Profetieën, talen en kennis zijn de gaven die nadrukkelijk in het dertiende hoofdstuk van Korinthiërs worden afgeschaft. Alle drie zijn te vinden in de eerste serie die nuttig zijn, en één - talen (of tongen) - is ook de laatste van de tweede groep, die gerangschikt wordt naar rang. De gift van "tongen" is daarom de minste van alle gaven. Maar het pad van allesoverstijging, dat we nu betreden, schaft de tekenen van de komende aion, zoals talen en krachten en genezing, niet alleen af, maar het schaft ook profetieën en de gift van kennis af. De reden die gegeven wordt is dat deze slechts aanbetalingen waren, en in de ophanden zijnde era (waarin wij nu verblijven) zouden zulke fragmentarische onthullingen onnodig zijn, omdat God een volledige profetie gegeven zal hebben, die alle kennis zal omvatten. Die hebben we nu in deze Efezebrief.

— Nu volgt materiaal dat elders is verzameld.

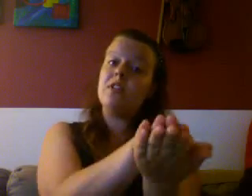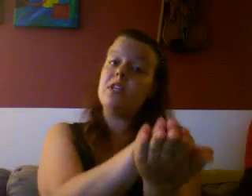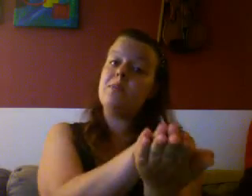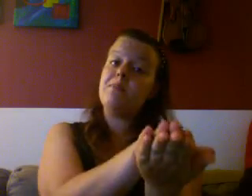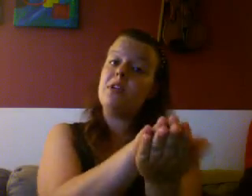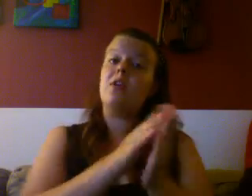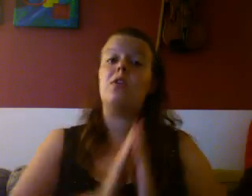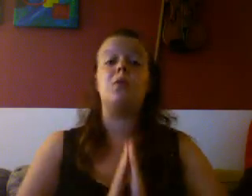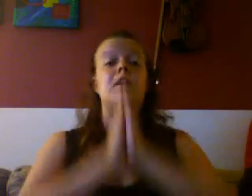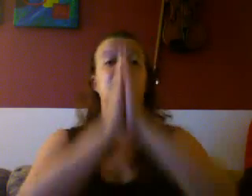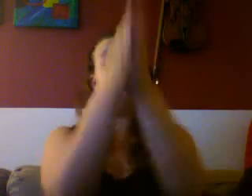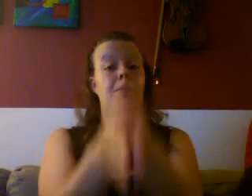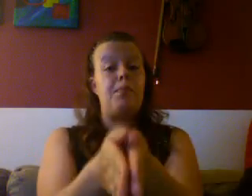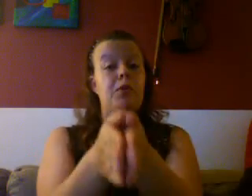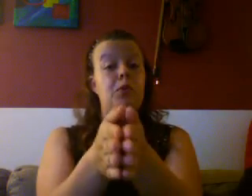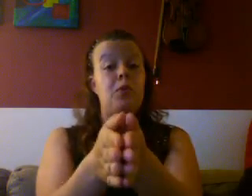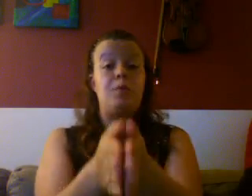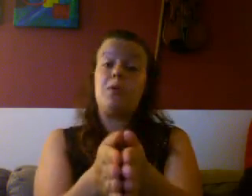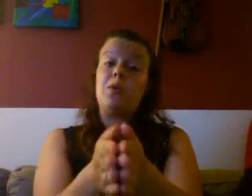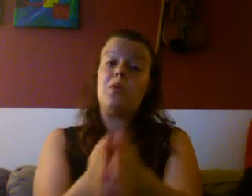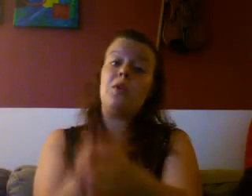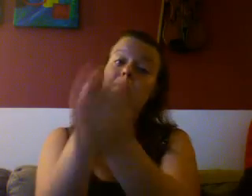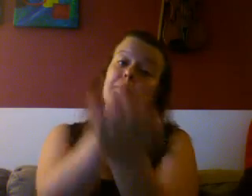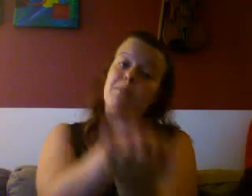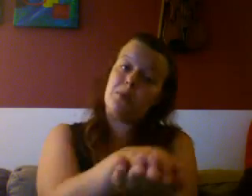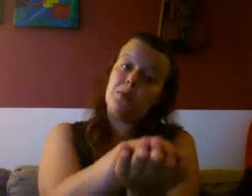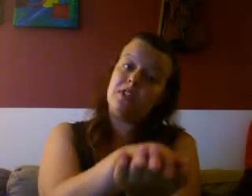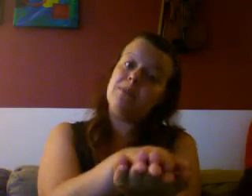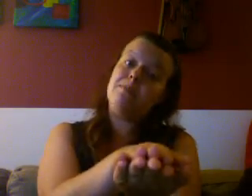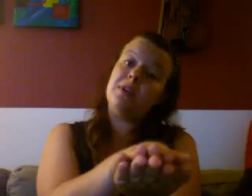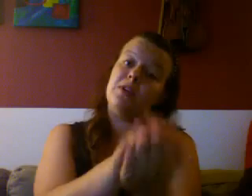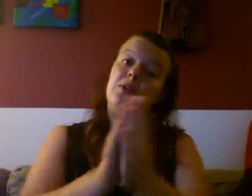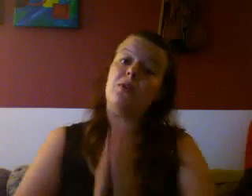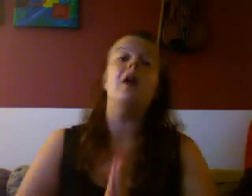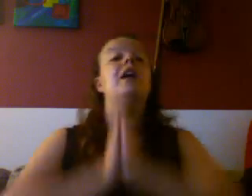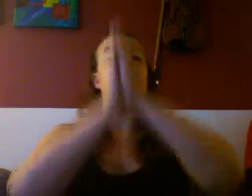tippede over, 10
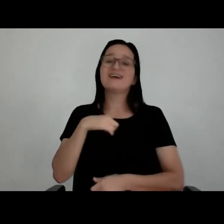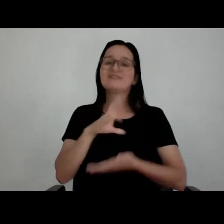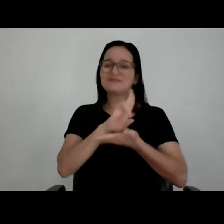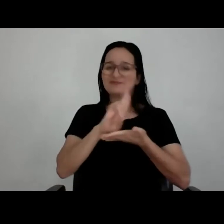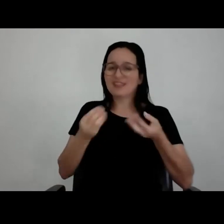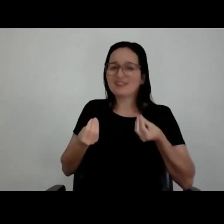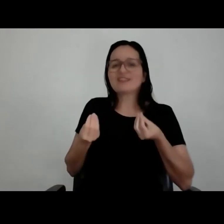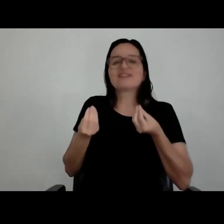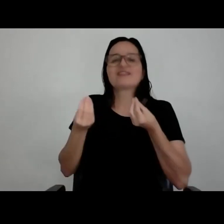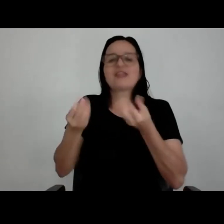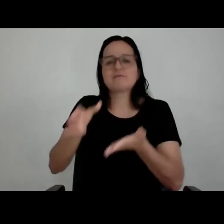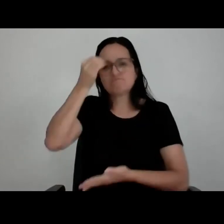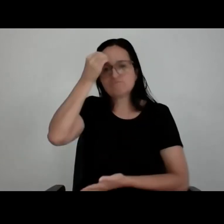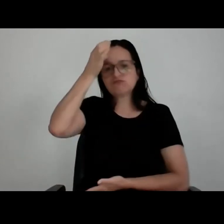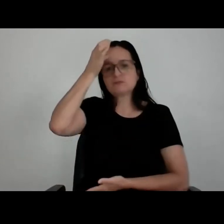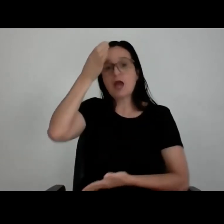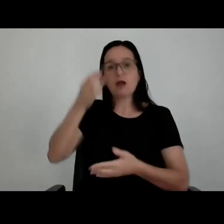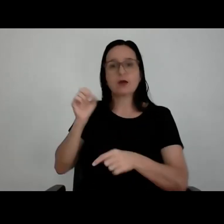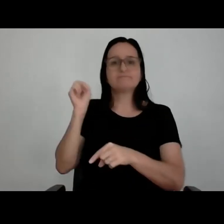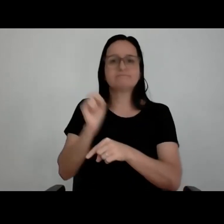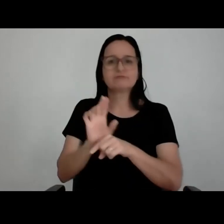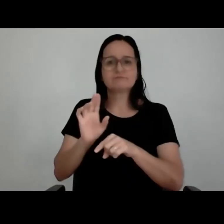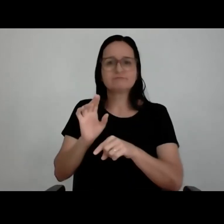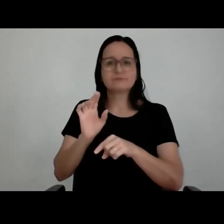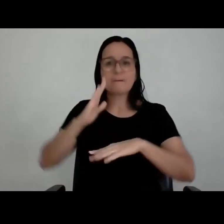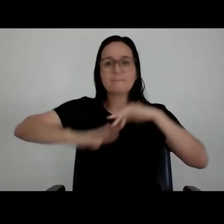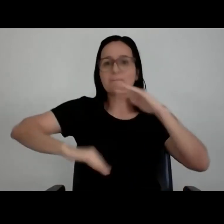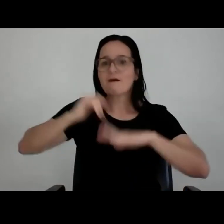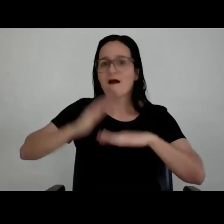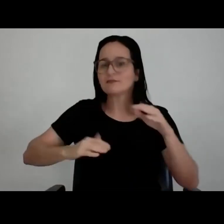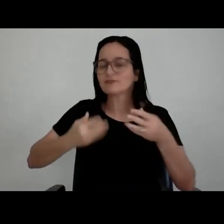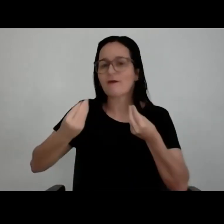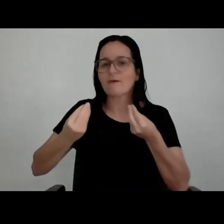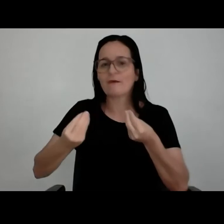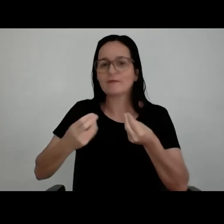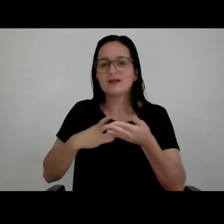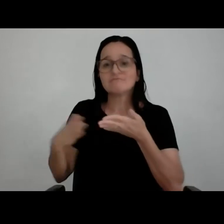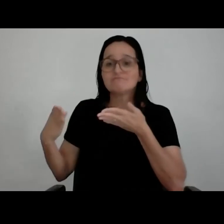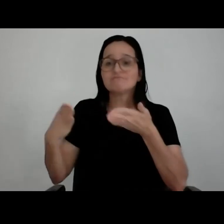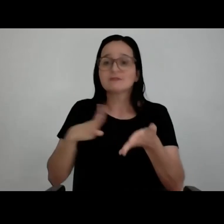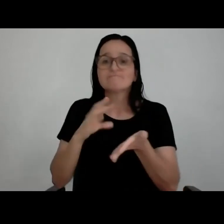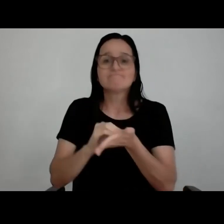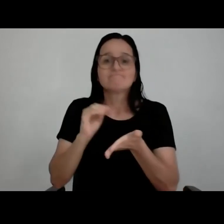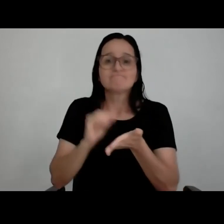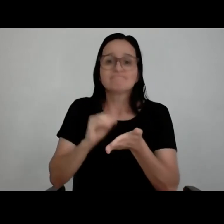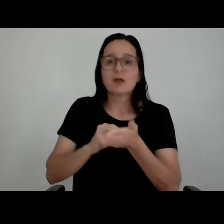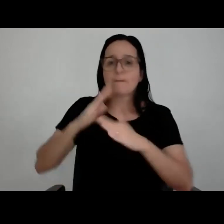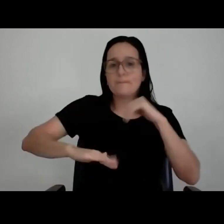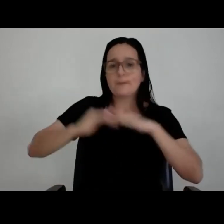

Het feit dat de gave van profetie afgeschaft is, wordt duidelijk uit de vele hedendaagse pogingen om Gods onthulling aan te vullen. Allen die gepoogd hebben iets aan Gods Woord toe te voegen, hebben alleen hun eigen onwetendheid getoond over wat Hij al heeft onthuld. Ik zou hen die denken dat zij een rechtstreekse boodschap van God hebben, willen adviseren een begrip te krijgen van de Efezebrief. Zij zullen Zijn Woord voltooid en compleet vinden. Het is afdoende voor iedere hedendaagse nood. De gave van profetie of de kracht om te spreken als mond van God, werd afgeschaft. De enige profeten in deze bedeling zijn te vinden in het fundament, en al wat zij zouden kunnen onthullen is al voor ons uitgespreid in de brieven van Paulus, de grootste profeet van allen.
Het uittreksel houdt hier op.